Six months inside a foundry: what Foundry OS learned the hard way.

A field report from the first six months of a vertical ERP running inside a working Turkish foundry. The features that survived, the ones we re-built in week two, and the one schema decision we still defend.Çalışan bir Türk dökümhanesinin içinde altı ay boyunca yayında olan dikey bir ERP'nin saha raporu. Hayatta kalan özellikler, ikinci hafta yeniden yazdıklarımız ve hâlâ savunduğumuz tek bir şema kararı.

Foundry OS shipped to a private Turkish foundry in Bursa six months ago. Twelve connected data domains, eighteen functional screens, a seven-stage casting pipeline modelled on the floor's actual vocabulary. This is a field report — not a sales page. What worked, what didn't, what we'd do differently.

What survived week one

Three things landed and stayed landed:

The morning view. A single dashboard showing upcoming work, overdue flags, and a per-company workload breakdown. The owner opens it before his coffee. The order ledger and the events feed sit underneath, so the WhatsApp group quieted within four days.

The 7-stage pipeline. Model Bekleniyor → Model Alındı → Boyama → Kalıp → Döküm → Temizlik → Sevkiyat. We argued internally about collapsing it to five; the foreman flatly refused. He was right. Every stage corresponds to a physical handoff and a quality checkpoint. Hide a stage and the audit log breaks.

The kanban planner. Columns are days. Cards are orders. Drag to reschedule. The floor manager uses it from his phone three times a day. It replaced a paper schedule pinned to the office wall.

What we rebuilt in week two

The quote calculator. We shipped a single-currency MVP. By Wednesday we got a phone call: "the European customer wants EUR with their VAT included, the Saudi customer wants USD without VAT, and our supplier is in TRY." By Friday quotes were multi-currency with per-line tax flags. The schema was right; the UI was wrong.

The defect report PDF. First version was clean A4 with a header logo. The QC engineer asked us to add the operator's name to every row. We hadn't modelled the operator on the report — only the order. That was a one-day refactor we should have done before launch. The lesson: PDFs are part of the product, not an afterthought.

The schema decision we still defend

boyama, kalıp, döküm — the column names are Turkish, the API events are Turkish, the analytics keys are Turkish. We've argued the case for this in the operator-vocabulary essay; the field test confirmed it. New hires onboard faster because the database and the floor speak the same language. Translation is a presentation-layer concern.

We have not regretted this decision once.

What we'd do differently

Ship the photo-evidence upload on day one. We deferred it to month two. Quality reports without photos felt half-finished from the very first week. The work to add it was small; the delay was a mistake.

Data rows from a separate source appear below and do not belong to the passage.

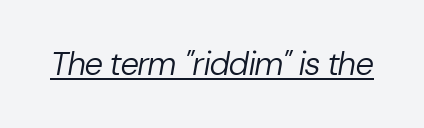
A light-to-regular cut is what we see here. There is no visible air inserted between adjacent glyphs. Tall strokes in this sample are angled rather than plumb. Descenders here cross a horizontal rule under the line.
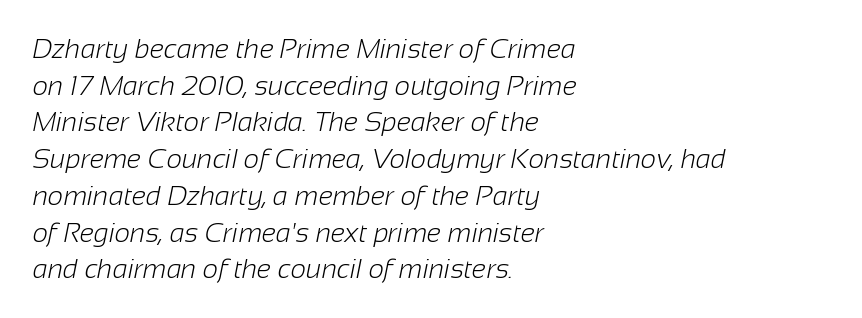
The image shows 27 px text type; set left-aligned, normal line spacing (1.36x), normal letter spacing, not underlined.
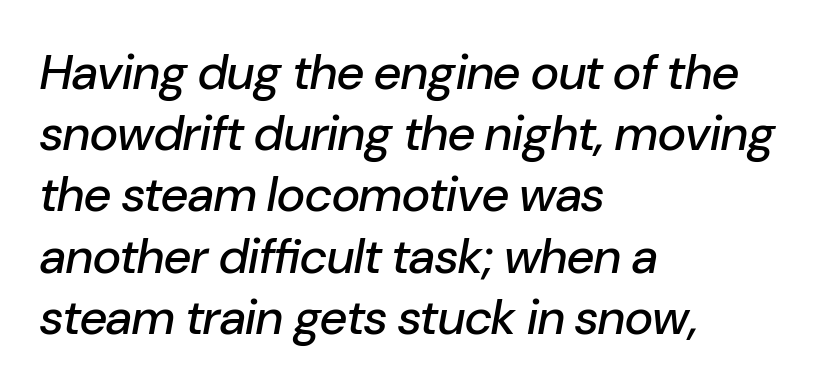
Evenly set lines give the paragraph a standard silhouette. This rendering leaves character spacing at its baseline value. Clear beneath every line of the passage. Note the varied advance widths — an 'i' is clearly narrower than an 'm'. If you drew a line through each stem, it would be angled.
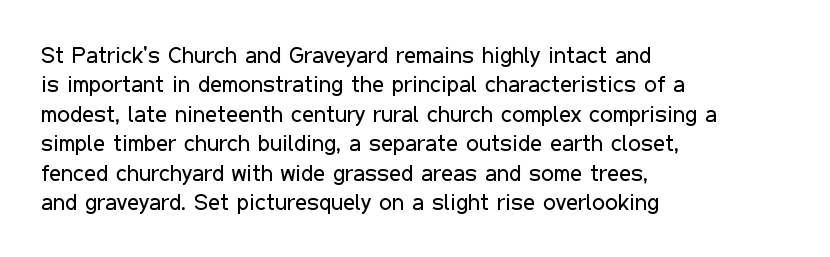
The image shows 23 px text type, upright; set left-aligned, normal line spacing (1.28x), normal letter spacing, not underlined.
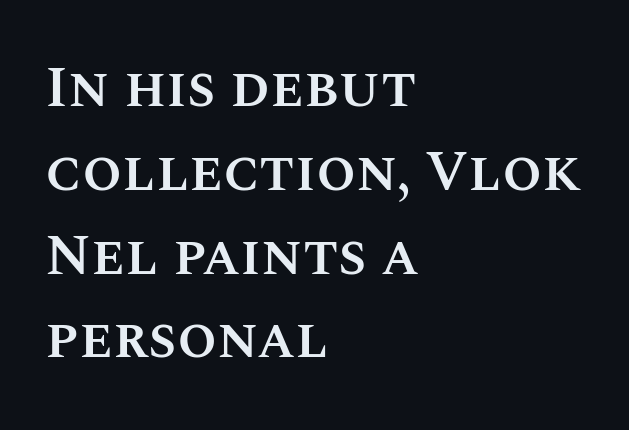
Q: Is the text bold? A: Semi-bold.
Q: Is the text italic (slanted)? A: No, it is upright.
Q: Is the text underlined? A: No.
Q: How is the paragraph aligned? A: Left-aligned.
Q: Is the spacing between letters normal or unusually wide? A: Normal.
Q: Is the spacing between lines tight, normal or loose? A: Normal.
Q: Width (condensed, normal, or wide)? A: Normal.
Q: Stroke contrast? A: Medium.
Q: x-height? A: Large.
Q: Monospaced? A: No.
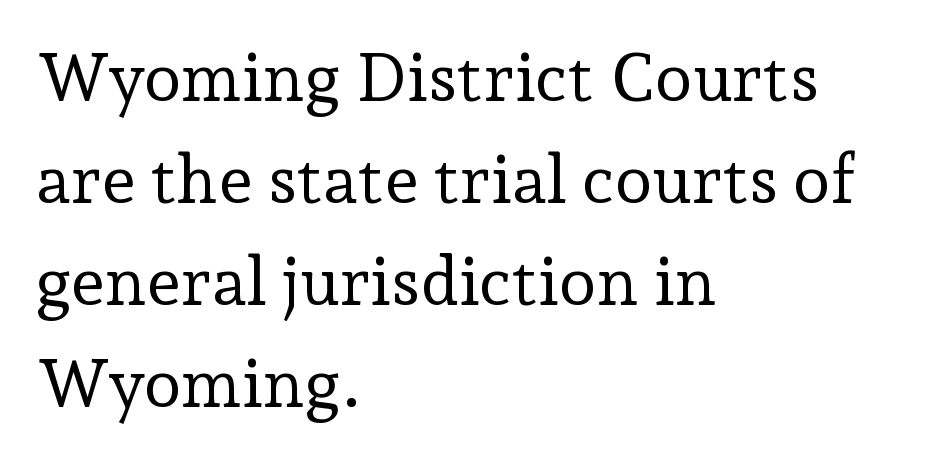
Q: Is the text bold? A: No.
Q: Is the text italic (slanted)? A: No, it is upright.
Q: Is the typeface a serif or a sans-serif typeface? A: Serif.
Q: Is the text underlined? A: No.
Q: How is the paragraph aligned? A: Left-aligned.
Q: Is the spacing between letters normal or unusually wide? A: Normal.
Q: Is the spacing between lines tight, normal or loose? A: Normal.
Q: Width (condensed, normal, or wide)? A: Normal.
Q: Stroke contrast? A: Low.
Q: x-height? A: Medium.
Q: Monospaced? A: No.
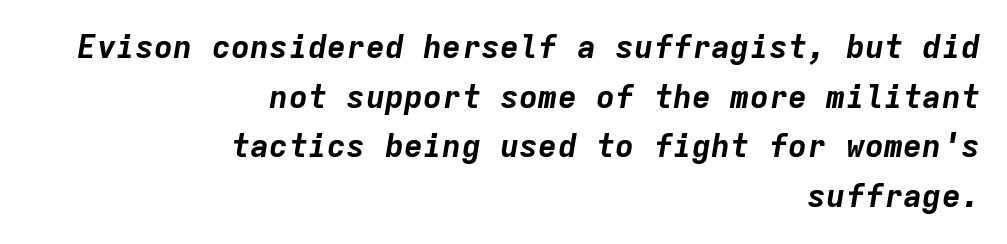
{"italic": "yes", "lean": "right", "slant_degrees": 9, "bold": "yes", "weight": "bold", "width": "normal", "stroke_contrast": "low", "x_height": "medium", "monospaced": "yes", "underline": "no", "align": "right", "line_spacing": "normal", "line_spacing_ratio": 1.55, "letter_spacing": "normal", "letter_spacing_em": 0.0, "glyph_px": 32}
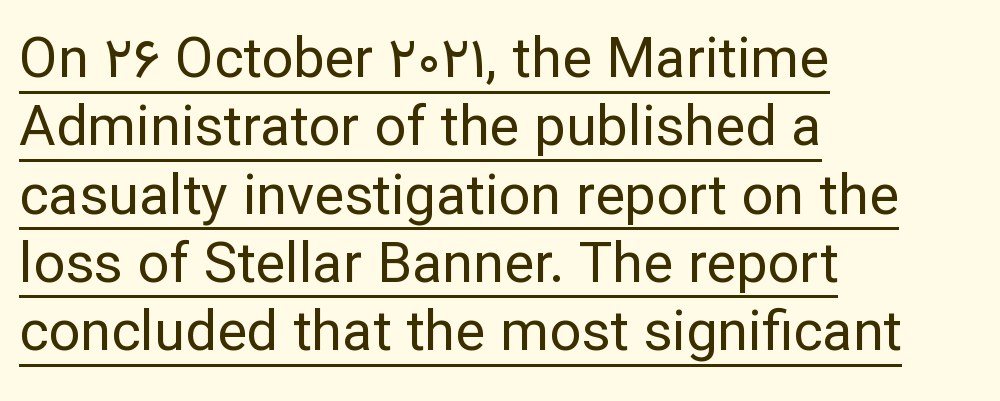
Q: Is the text bold? A: No.
Q: Is the text italic (slanted)? A: No, it is upright.
Q: Is the typeface a serif or a sans-serif typeface? A: Sans-serif.
Q: Is the text underlined? A: Yes.
Q: How is the paragraph aligned? A: Left-aligned.
Q: Is the spacing between letters normal or unusually wide? A: Normal.
Q: Width (condensed, normal, or wide)? A: Normal.
Q: Stroke contrast? A: Low.
Q: x-height? A: Medium.
Q: Monospaced? A: No.

Pre-build at least one report in PDF and Excel. We shipped PDF only. The accountant wanted Excel for downstream reconciliation. Adding it later cost a week we shouldn't have spent.

Plan the on-call rotation before launch. The first month was bumpy because we were figuring out incident response on the fly. The new rotation runs cleanly — but write the runbook before you need it.

What it cost

Twelve weeks of build, two weeks of pilot, four weeks of stabilization. One full-time engineer plus a half-time designer. Hosted on a single Hetzner box plus a small Vercel project for the marketing site. Total infra bill: under €120/month.

What's next

Multi-tenant rollout to a second foundry in Q3. The schema is templated; the vocabulary stays the same. The hard part is the customer relationship — software is the easier half.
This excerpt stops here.